※ ネタばれする可能性大なので、まだ知りたくない、という方はご注意下さい。
雪組さんオリジナル脚本『ケイレブ・ハント』
正塚晴彦先生の大劇場作品は、お久しぶりですね。
ミステリアスで、サスペンス仕立て。
仕事や事件が、世界観のメイン。
男同士の友情や絆の比重が高く、サラリとかっこいい。
女性は女性で、魅力的。
登場する女性は、仮に弱々しく見えても、芯が強かったり。
ケイレブは、テンポ良く物語が進みます。
苦悩するより、まず行動に移す派。
フットワーク軽い、軽い。(さすがちぎさん)
私の場合、正塚先生は『銀の狼』の印象が強くて。
そのため、最後の最後まで気が抜けませんでした。
(『銀の狼』をご覧になられた方には、お解り頂けるかと…)
でも、警戒してたのと違う意味で、今回は意外でした。
正塚先生が繰り出した、変化球と申しましょうか?
一種の魔球と申しましょうか?
とても後味の良い、素敵なエンディングでした。

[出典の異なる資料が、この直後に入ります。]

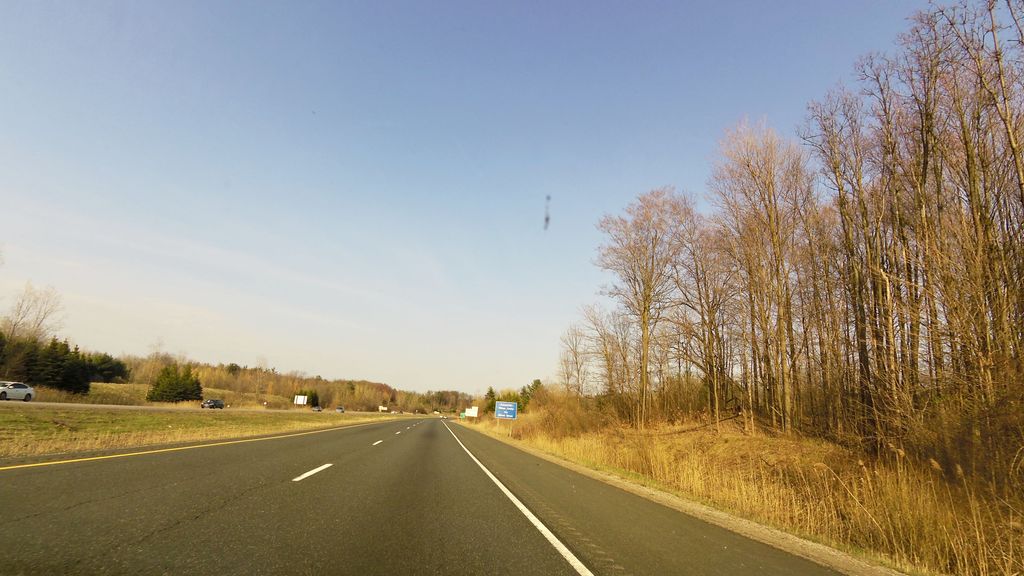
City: hamilton

(←魔球…?)
正塚先生のお話とは思えぬくらい、Love要素比率が高い本作。
主要キャストが当て書きだからでしょうか?
正塚先生が、かくもスウィートな脚本を書き、演技プランを練って下さるとは…。
恋愛要素が希薄だからこそ、わずかなLoveの香りにキュンとときめく……。
そんな正塚テイストに、ツボをぐいぐい押されたものです。
それが今回、かなり分かりやすくLove要素が散りばめられてて、瞳孔開きっぱなし。
今まで素材の甘みだけで作ってきたカボチャパイに、三温糖を加えてみました的な?
どんな比喩なんでしょうね、これ。
ちぎみゆコンビに向けられた期待感を、掬い取られたのかもしれません。
正塚先生……ありがとうございます。
ちぎみゆといえば、ラストシーンで歌い上げるデュエット。
素敵でした。
曲調としては短調なのかな…?
そして、半音の上がり下がりが多そう。
ソルフェージュは苦手なので、譜面を起こせる訳もなく。
聴いた印象で、適当なこと言ってます…ごめんなさい。
本作の挿入歌は、娘役が地声で歌える中低音が多い気がします。
繊細で、聴く者をどこか不安にさせる揺らぎを秘めた曲調と申しますか。
そこがまた、ミステリアス&サスペンスな作品世界とマッチしてました。
それでは、各キャストの感想です。
★ケイレブ・ハント(早霧せいな)
早霧さんか探偵って、ハマるんだなぁと改めて思いました。
(ブリドリの『探偵SAGIRI』で証明済でしたが)
フットワークの軽さ、敏捷な動き。
情熱的で正義感に溢れつつ、カッと噴火する事はない。
若々しいけれど、適度な落ち着きもあって。
気持ちを行動で示せる人。
タイミングを逃しかけても、ぐっと掴まえて引き寄せる人。
雨に濡れながら、空港まで駆けつけずにいられない…とかね。
グッと来ます。
そういう直情的なところを、サラッと表現できる。
「つい、そうせずにいられなかった」
大人で、仕事熱心で、熱血漢で、ピュアな少年で。
確かに、早霧さんの当て書きキャラクターですね。
イヴォンヌへ対する接し方が誠実かつ率直で、本気度の高さが伝わってきます。
少し強引だったり、感情表現がストレート気味だったり。
初夏の空にも似た、爽やかな青年ケイレブ。
……実にいい男です。
★ジム・クリード(望海風斗)
濃いキャラクター、一癖も二癖もある人物を演じる機会が多い望海さん。
今回は打って変わって、穏やかで誠実な紳士。
顧客は上流階級・完全予約制探偵事務所の共同経営者。
アポなしで飛び込んできたメキシコ人夫婦に同情し、話を聞く人の好さから、育ちの良さが滲み出ています。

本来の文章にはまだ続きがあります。